EXERCISE DETAILS: Every line of the entries below that mentions "Answer" is to be copied out.

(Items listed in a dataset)
-- Opening Marker --

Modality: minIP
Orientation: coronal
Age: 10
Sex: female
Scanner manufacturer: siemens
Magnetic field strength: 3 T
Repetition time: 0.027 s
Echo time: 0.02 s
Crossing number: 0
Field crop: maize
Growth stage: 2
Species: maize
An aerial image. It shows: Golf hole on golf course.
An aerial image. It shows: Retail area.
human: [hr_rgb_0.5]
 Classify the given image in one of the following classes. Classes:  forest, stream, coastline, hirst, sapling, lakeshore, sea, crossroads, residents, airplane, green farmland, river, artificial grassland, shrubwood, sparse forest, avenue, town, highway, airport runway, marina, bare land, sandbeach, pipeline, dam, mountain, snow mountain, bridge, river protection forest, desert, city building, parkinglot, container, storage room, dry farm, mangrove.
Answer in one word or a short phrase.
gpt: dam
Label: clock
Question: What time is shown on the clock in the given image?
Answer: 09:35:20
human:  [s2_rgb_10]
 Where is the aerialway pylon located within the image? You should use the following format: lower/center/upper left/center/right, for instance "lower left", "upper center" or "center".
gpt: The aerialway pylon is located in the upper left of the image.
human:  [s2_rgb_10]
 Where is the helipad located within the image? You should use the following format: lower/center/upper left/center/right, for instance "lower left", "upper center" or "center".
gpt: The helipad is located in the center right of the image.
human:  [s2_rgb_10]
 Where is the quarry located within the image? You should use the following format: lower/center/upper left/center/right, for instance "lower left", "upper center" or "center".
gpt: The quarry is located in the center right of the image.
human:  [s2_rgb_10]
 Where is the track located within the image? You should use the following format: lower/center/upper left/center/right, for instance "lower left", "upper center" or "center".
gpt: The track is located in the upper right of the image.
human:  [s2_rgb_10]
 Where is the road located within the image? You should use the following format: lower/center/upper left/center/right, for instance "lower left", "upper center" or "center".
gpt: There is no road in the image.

-- Closing Marker --
-- Opening Marker --

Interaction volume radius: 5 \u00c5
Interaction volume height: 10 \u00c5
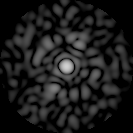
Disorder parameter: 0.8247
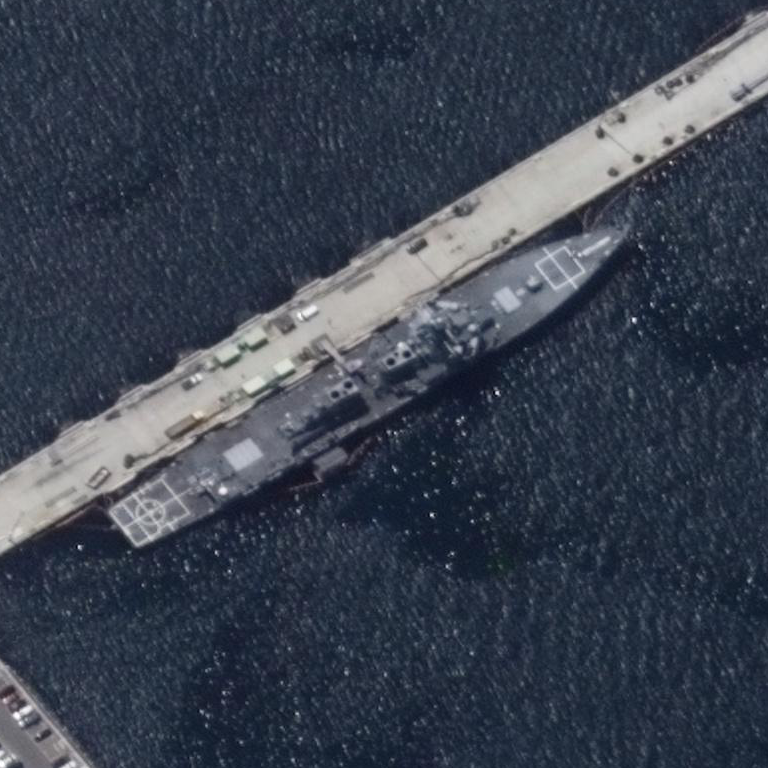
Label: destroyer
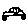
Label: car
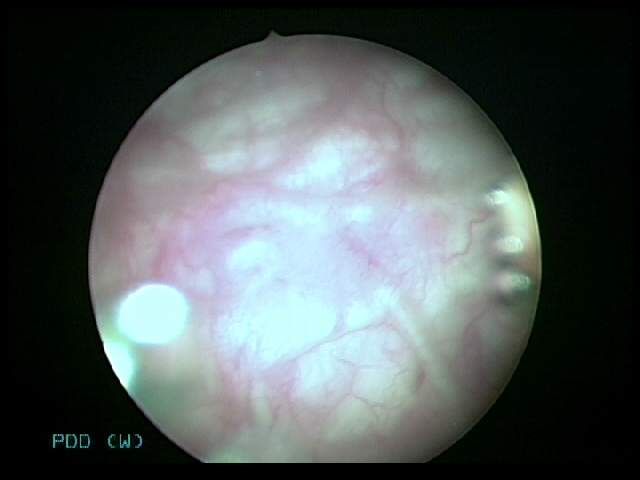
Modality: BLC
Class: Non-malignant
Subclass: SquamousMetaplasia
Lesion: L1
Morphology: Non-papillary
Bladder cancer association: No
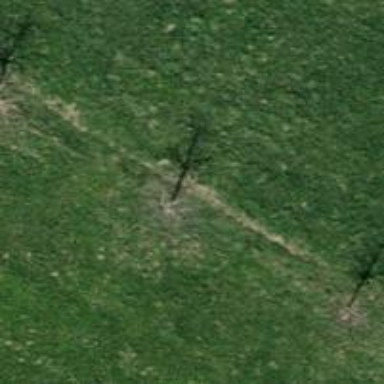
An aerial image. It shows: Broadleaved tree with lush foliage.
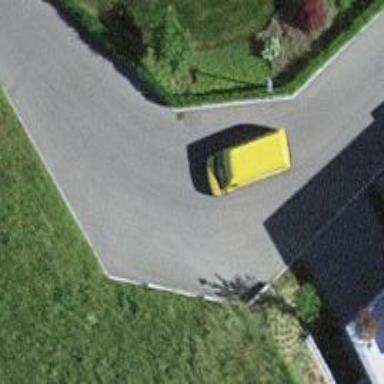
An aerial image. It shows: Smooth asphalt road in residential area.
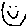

-- Closing Marker --

RESPONSE AREA:
Answer in one word or a short phrase.
Answer: 09:35:20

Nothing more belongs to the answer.